Pionir Sekolah Inklusi di Kecamatan
Tamalate
Alasan
pertama adalah karena sekolah ini merupakan sekolah pertama di kota Makassar
yang menerapkan sistem inklusi dengan sebenar-benarnya. Banyak sekolah di kota
ini “mengaku” menjalankan sistem inklusi tapi pada kenyataannya yang memang
menyelenggarakan tak banyak. Butuh sistem yang terlaksana, para guru dan murid
yang peduli, dan murid-murid berkebutuhan khusus yang memang membutuhkan sistem
inklusi berjalan sebagaimana mestinya. Sekolah yang mengaku menjalankannya, ada
yang bahkan tak memiliki semua hal tersebut.
SD
Inpres Maccini Baru sudah menyelenggarakan sistem inklusi sejak tahun 2003.

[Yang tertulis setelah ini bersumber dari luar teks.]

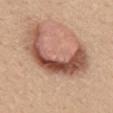The lesion was tiled from a total-body skin photograph and was not biopsied. This is a white-light tile. The recorded lesion diameter is about 9.5 mm. The lesion is located on the mid back. Cropped from a whole-body photographic skin survey; the tile spans about 15 mm. Automated image analysis of the tile measured an area of roughly 24 mm². The software also gave an average lesion color of about L≈52 a*≈22 b*≈29 (CIELAB), about 16 CIELAB-L* units darker than the surrounding skin, and a normalized lesion–skin contrast near 10.5. It also reported a nevus-likeness score of about 80/100 and a lesion-detection confidence of about 15/100. A female patient, roughly 35 years of age.

Saya pernah bertemu dengan kepala sekolah terdahulu dan bertanya langsung
padanya, sejak kapan sistem inklusi diterapkan di SD IMB dan Bu H. Ajawati
(nama kepala sekolah yang pertama kali menginisiasi sistem inklusi di sekolah
tersebut) mengatakan, “Sejak tahun 2003”. Namun baru pada tahun 2013 sekolah
ini ditetapkan sebagai sekolah inklusi yang kemudian Ibu Ajawati sering menjadi
pembicara tentang sistem inklusi hingga ke luar pulau.

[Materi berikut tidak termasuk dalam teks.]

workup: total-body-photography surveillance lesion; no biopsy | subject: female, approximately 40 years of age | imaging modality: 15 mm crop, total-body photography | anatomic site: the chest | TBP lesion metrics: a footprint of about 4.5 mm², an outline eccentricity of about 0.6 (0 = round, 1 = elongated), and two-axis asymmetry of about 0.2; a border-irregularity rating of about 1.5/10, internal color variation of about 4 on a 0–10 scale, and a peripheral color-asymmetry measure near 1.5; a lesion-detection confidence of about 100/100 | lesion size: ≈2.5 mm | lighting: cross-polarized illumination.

Penyambutan yang serius oleh para siswi ini |
Eeh .. ada yang sadar kamera 😆 |
Sebagai
pionir, SD IMB sering didatangi tamu dari mana-mana yang ingin melihat
keberlangsungan sistem inklusi namun sayangnya, masih ada keterbatasan dana dan
sarana mengingat pembiayaan tidak bisa sepenuhnya ditanggung oleh negara
sementara orang tua siswa dari anak berkebutuhan khusus pun tidak bisa dibebani
dengan biaya besar karena sekolah ini sekolah negeri. Melihat hal ini maka
semakin kuat alasan teman-teman alumni SMADA 92 berbagi di sekolah ini.
Alasan
lainnya yang tak kalah kuatnya adalah bahwa ternyata camat di wilayah kecamatan
Tamalate di mana sekolah ini berlokasi – Pak
Hasan Sulaiman adalah salah satu kawan kami – alumni SMAN 2 Makassar
angkatan 92. Oleh karena itu, alasan kami menjadi semakin kuat untuk berbagi di
sekolah ini.
Setelah
tertunda-tunda beberapa kali, akhirnya jadilah kami bertandang ke SD IMB pada
hari Jumat tanggal 30 September lalu. Aneka mainan dan buku ala kadarnya kami
bawa untuk anak-anak SD IMB. Tak dinyana, ada sambutan khusus dari grup
kesenian SD IMB. Sekelompok anak perempuan menyambut rombongan kami di pintu
gerbang dengan nyanyian dan tarian lalu kami dipersilakan masuk ke perpustakaan
sekolah.
Penerima Penghargaan Adiwiyata
Mandiri
Ibu
Rahmawati menemani kami ngobrol, menggantikan ibu Risnawaty – kepala sekolah
yang sedang dalam tugas di tempat lain. Ibu Rahma menyampaikan sambutan
menerima kami dan menceritakan mengenai sejarah sistem inklusi di SD IMB. Ibu
Rahma juga menceritakan mengenai penghargaan Adiwiyata Mandiri yang diterima
sekolahnya pada tahun 2013.
ADIWIYATA
MANDIRI adalah penghargaan bergengsi di bidang lingkungan hidup. Penghargaan
ini diberikan oleh Kementerian Lingkungan Hidup dan Kehutanan Republik
Indonesia kepada sekolah yang dinilai telah mampu mengaktualisasikan budaya
lingkungan di semua aspek kegiatan sekolah dalam rangka meningkatkan peran
warga sekolah dalam upaya perlindungan dan pengelolaan lingkungan hidup guna
menunjang pembangunan yang berkelanjutan dan juga telah berhasil membina
sekolah imbas agar turut serta membudayakan ramah lingkungan dan melestarikan
lingkungan sekolah sebagai wahana belajar yang aman, nyaman dan menyenangkan.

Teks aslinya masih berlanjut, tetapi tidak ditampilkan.